BEGIN

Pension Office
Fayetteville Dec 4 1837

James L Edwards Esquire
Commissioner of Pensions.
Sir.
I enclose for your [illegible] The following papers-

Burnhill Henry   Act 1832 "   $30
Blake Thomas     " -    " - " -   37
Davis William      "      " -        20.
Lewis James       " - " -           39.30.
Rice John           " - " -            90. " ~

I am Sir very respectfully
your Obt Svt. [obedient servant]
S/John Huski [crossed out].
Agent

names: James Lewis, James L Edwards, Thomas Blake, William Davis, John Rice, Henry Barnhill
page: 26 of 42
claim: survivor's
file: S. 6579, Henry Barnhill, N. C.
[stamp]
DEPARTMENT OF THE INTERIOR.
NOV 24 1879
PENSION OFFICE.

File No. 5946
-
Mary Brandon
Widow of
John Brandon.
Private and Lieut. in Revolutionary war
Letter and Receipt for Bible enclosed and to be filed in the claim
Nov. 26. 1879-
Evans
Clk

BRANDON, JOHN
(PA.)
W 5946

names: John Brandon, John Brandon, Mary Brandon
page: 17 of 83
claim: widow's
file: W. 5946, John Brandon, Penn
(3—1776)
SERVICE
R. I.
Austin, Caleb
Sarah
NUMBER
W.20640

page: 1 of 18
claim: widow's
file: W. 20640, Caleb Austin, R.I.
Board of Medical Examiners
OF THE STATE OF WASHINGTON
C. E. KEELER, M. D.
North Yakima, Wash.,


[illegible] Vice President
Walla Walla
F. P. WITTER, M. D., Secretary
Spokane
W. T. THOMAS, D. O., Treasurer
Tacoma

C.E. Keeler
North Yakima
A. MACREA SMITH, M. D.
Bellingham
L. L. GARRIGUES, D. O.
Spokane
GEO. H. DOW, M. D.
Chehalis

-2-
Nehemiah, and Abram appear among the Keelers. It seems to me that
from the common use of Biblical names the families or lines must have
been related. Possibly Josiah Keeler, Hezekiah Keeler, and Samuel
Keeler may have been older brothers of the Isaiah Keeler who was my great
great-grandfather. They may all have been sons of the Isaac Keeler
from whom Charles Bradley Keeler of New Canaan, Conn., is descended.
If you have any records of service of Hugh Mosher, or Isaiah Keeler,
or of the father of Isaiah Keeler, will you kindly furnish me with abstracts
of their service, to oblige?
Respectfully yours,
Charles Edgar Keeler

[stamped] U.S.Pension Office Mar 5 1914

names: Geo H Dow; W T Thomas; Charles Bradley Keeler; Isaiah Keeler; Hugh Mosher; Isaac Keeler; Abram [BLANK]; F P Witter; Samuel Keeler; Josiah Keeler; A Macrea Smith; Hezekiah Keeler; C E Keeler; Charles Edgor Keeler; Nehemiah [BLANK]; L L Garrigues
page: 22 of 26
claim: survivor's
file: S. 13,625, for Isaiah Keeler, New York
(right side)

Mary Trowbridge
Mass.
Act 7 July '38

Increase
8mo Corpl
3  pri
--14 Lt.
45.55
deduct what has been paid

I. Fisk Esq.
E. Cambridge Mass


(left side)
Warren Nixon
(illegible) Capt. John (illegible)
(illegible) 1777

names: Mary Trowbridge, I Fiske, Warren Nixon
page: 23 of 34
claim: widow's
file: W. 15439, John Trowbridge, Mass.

END

Print again the lines of the entries above that fall between the line holding "page: 17 of 83" and the line holding "from the common", inclusive, exactly as they stand.

page: 17 of 83
claim: widow's
file: W. 5946, John Brandon, Penn
(3—1776)
SERVICE
R. I.
Austin, Caleb
Sarah
NUMBER
W.20640

page: 1 of 18
claim: widow's
file: W. 20640, Caleb Austin, R.I.
Board of Medical Examiners
OF THE STATE OF WASHINGTON
C. E. KEELER, M. D.
North Yakima, Wash.,


[illegible] Vice President
Walla Walla
F. P. WITTER, M. D., Secretary
Spokane
W. T. THOMAS, D. O., Treasurer
Tacoma

C.E. Keeler
North Yakima
A. MACREA SMITH, M. D.
Bellingham
L. L. GARRIGUES, D. O.
Spokane
GEO. H. DOW, M. D.
Chehalis

-2-
Nehemiah, and Abram appear among the Keelers. It seems to me that
from the common use of Biblical names the families or lines must have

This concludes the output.